::: INPUT

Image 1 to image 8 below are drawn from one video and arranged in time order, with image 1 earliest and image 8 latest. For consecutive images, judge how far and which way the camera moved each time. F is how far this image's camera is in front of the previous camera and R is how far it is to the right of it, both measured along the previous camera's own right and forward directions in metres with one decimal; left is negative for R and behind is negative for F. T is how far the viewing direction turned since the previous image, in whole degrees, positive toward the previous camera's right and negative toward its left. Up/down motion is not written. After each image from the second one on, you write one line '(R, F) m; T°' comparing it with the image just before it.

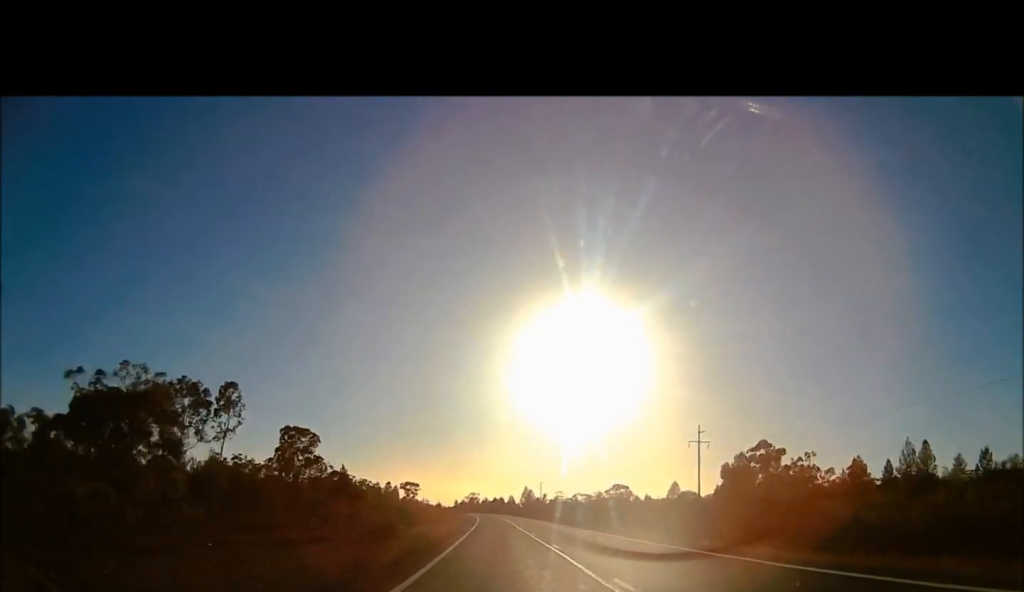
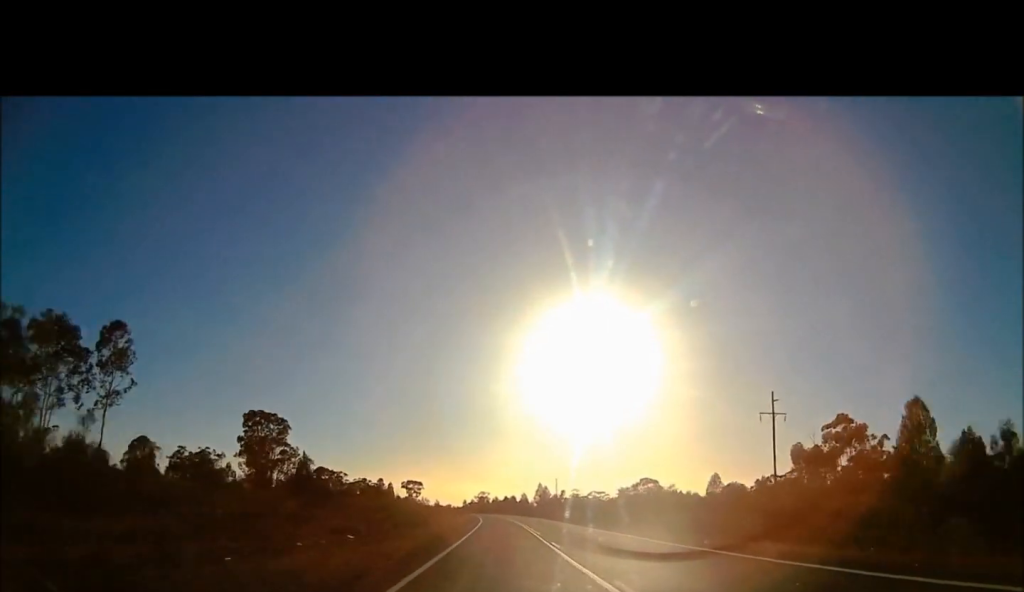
(0.0, +24.2) m; 0°
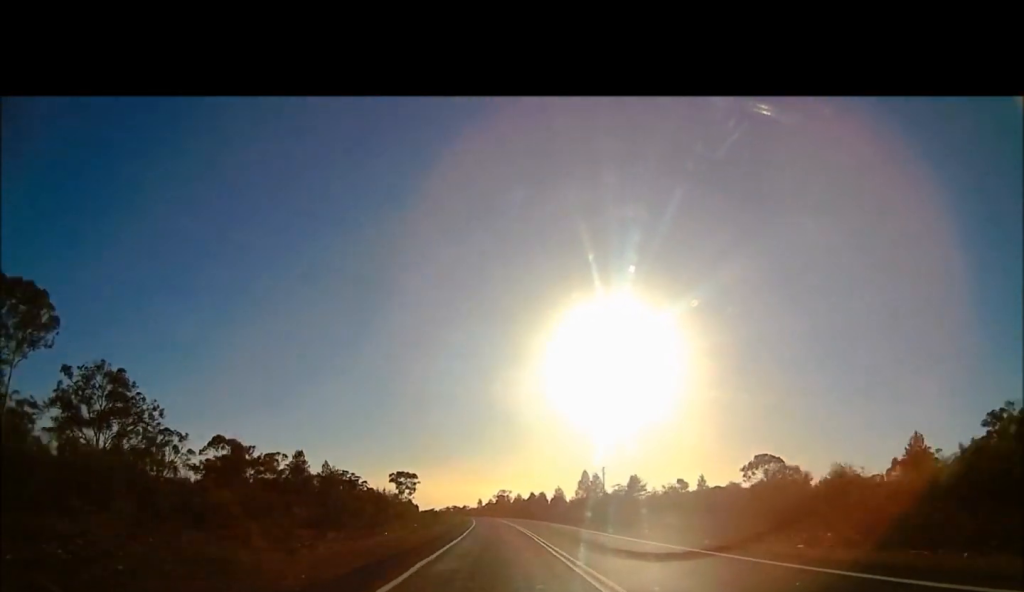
(0.0, +67.3) m; 0°
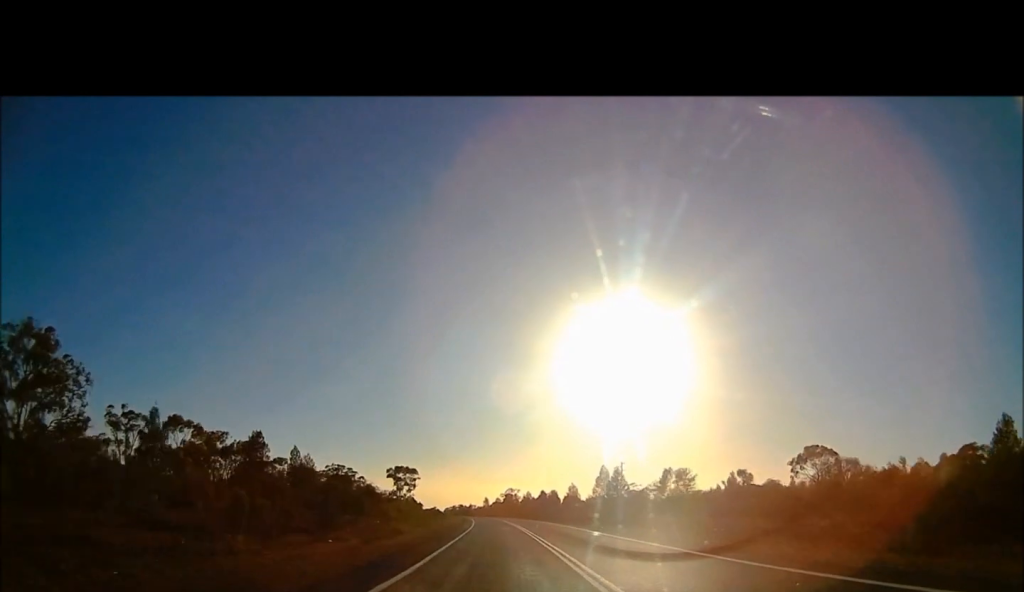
(0.0, +15.5) m; 0°
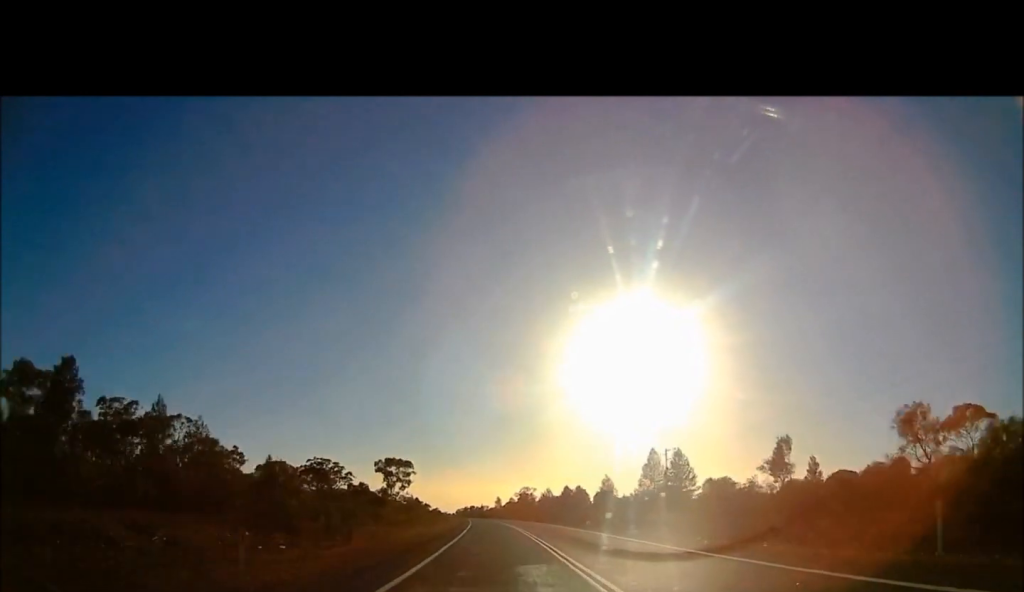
(0.0, +31.0) m; 0°
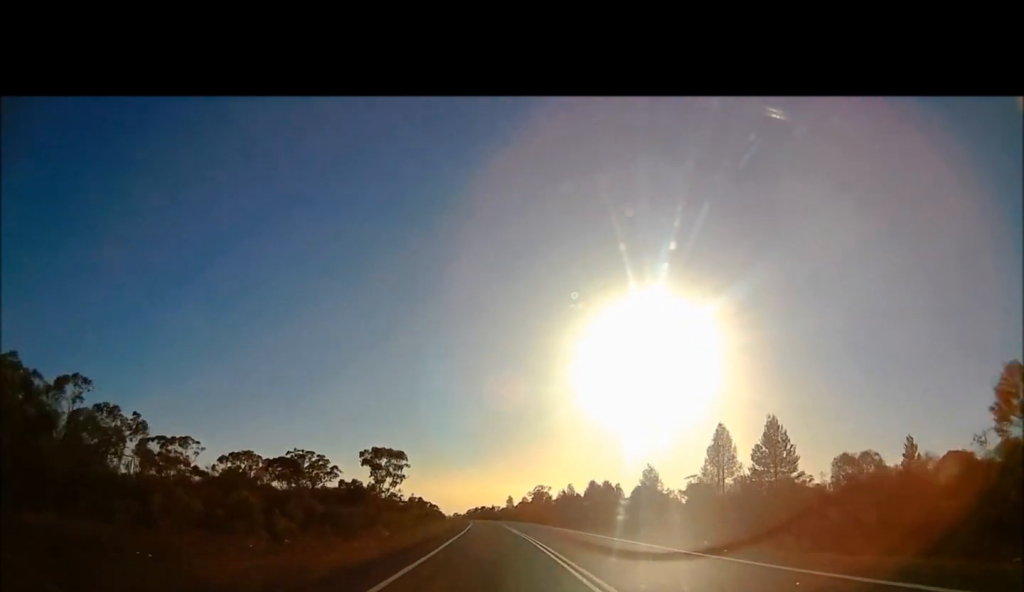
(0.0, +24.4) m; 0°
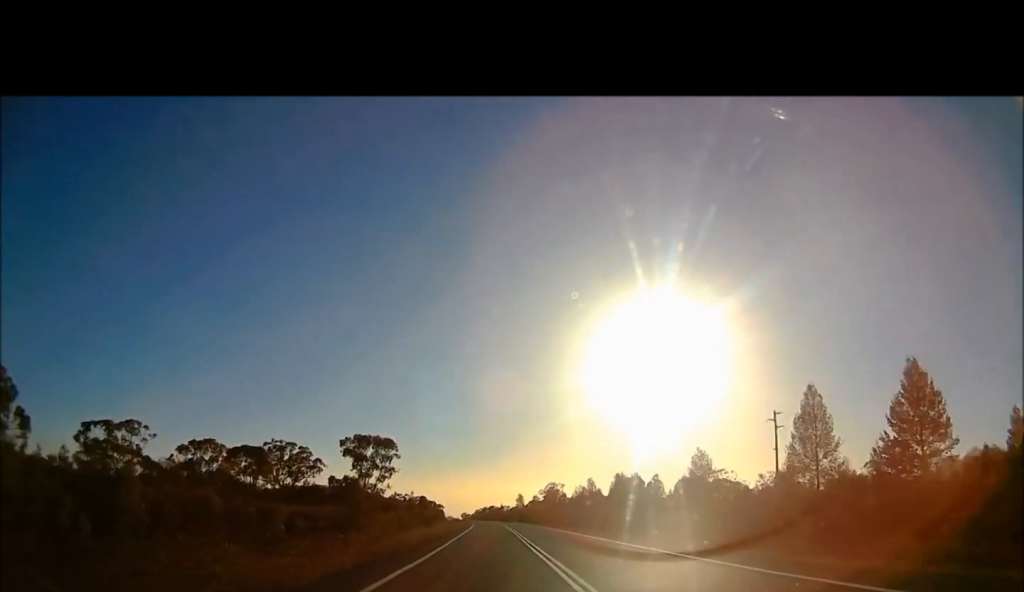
(0.0, +18.8) m; 0°
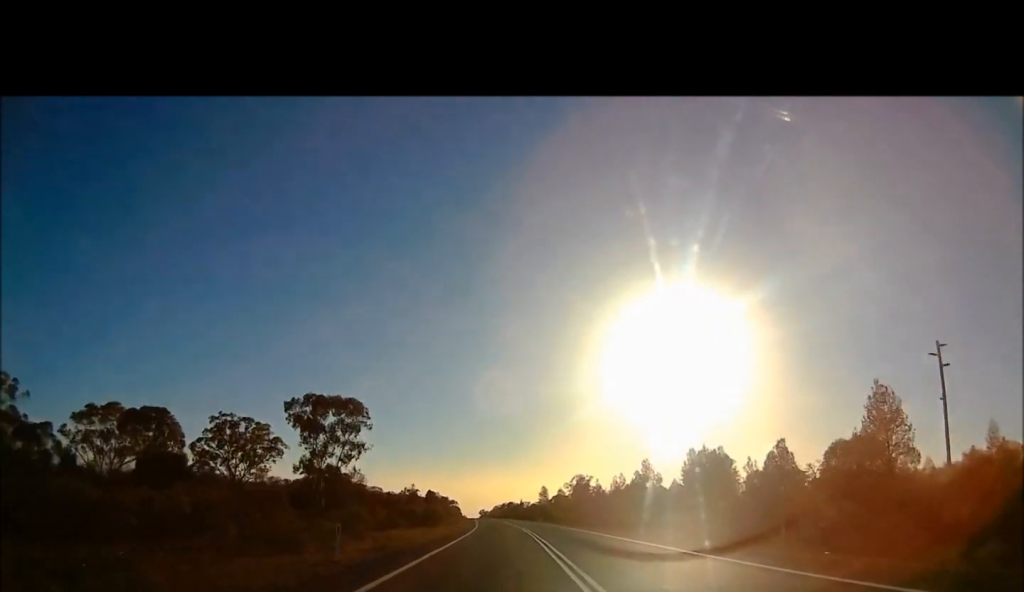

::::::

### ASSIGNMENT
Print every entry above again without changing a word, and omit the pictures.

### RESULT
Image 1 to image 8 below are drawn from one video and arranged in time order, with image 1 earliest and image 8 latest. For consecutive images, judge how far and which way the camera moved each time. F is how far this image's camera is in front of the previous camera and R is how far it is to the right of it, both measured along the previous camera's own right and forward directions in metres with one decimal; left is negative for R and behind is negative for F. T is how far the viewing direction turned since the previous image, in whole degrees, positive toward the previous camera's right and negative toward its left. Up/down motion is not written. After each image from the second one on, you write one line '(R, F) m; T°' comparing it with the image just before it.

(0.0, +24.2) m; 0°
(0.0, +67.3) m; 0°
(0.0, +15.5) m; 0°
(0.0, +31.0) m; 0°
(0.0, +24.4) m; 0°
(0.0, +18.8) m; 0°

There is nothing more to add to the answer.